Items from a data source:
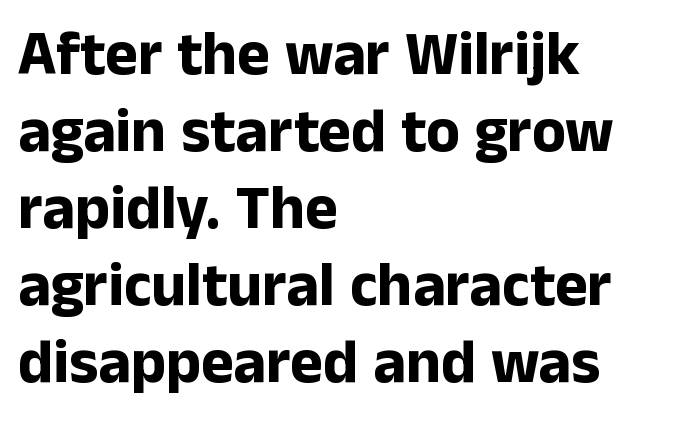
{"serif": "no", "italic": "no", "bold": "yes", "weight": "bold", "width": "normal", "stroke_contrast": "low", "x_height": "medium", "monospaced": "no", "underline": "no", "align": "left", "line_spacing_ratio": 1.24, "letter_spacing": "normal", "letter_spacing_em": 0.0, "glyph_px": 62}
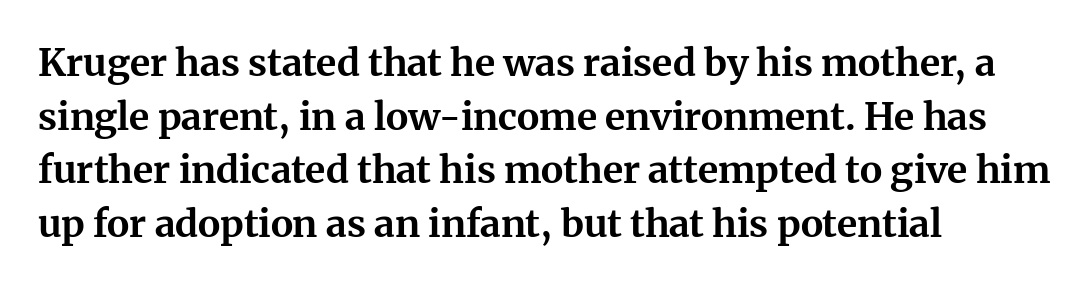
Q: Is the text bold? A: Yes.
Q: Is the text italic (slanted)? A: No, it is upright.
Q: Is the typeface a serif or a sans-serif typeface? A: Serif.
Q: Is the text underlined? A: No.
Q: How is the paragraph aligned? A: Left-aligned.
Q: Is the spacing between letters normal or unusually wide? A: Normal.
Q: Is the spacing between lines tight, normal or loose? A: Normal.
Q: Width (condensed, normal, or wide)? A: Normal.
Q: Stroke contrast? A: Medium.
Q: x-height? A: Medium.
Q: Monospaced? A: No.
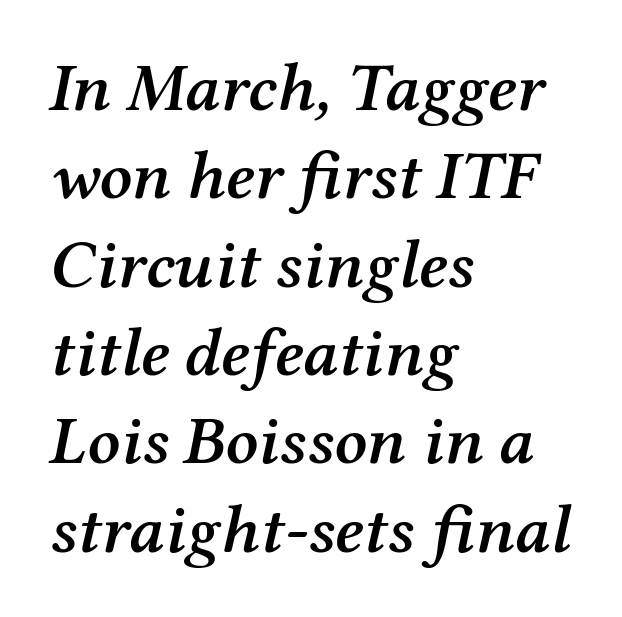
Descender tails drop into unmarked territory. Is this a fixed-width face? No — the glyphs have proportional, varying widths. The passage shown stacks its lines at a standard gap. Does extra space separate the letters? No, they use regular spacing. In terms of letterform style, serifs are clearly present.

• **PROBLEM TO SOLVE**
What is needed is an exact restatement of the lines from the line with "Q: Width (condensed, normal, or" through the final line of the data, pictures excluded.

• **ANSWER TO THE PROBLEM**
Q: Width (condensed, normal, or wide)? A: Normal.
Q: Stroke contrast? A: Medium.
Q: x-height? A: Medium.
Q: Monospaced? A: No.
Descender tails drop into unmarked territory. Is this a fixed-width face? No — the glyphs have proportional, varying widths. The passage shown stacks its lines at a standard gap. Does extra space separate the letters? No, they use regular spacing. In terms of letterform style, serifs are clearly present.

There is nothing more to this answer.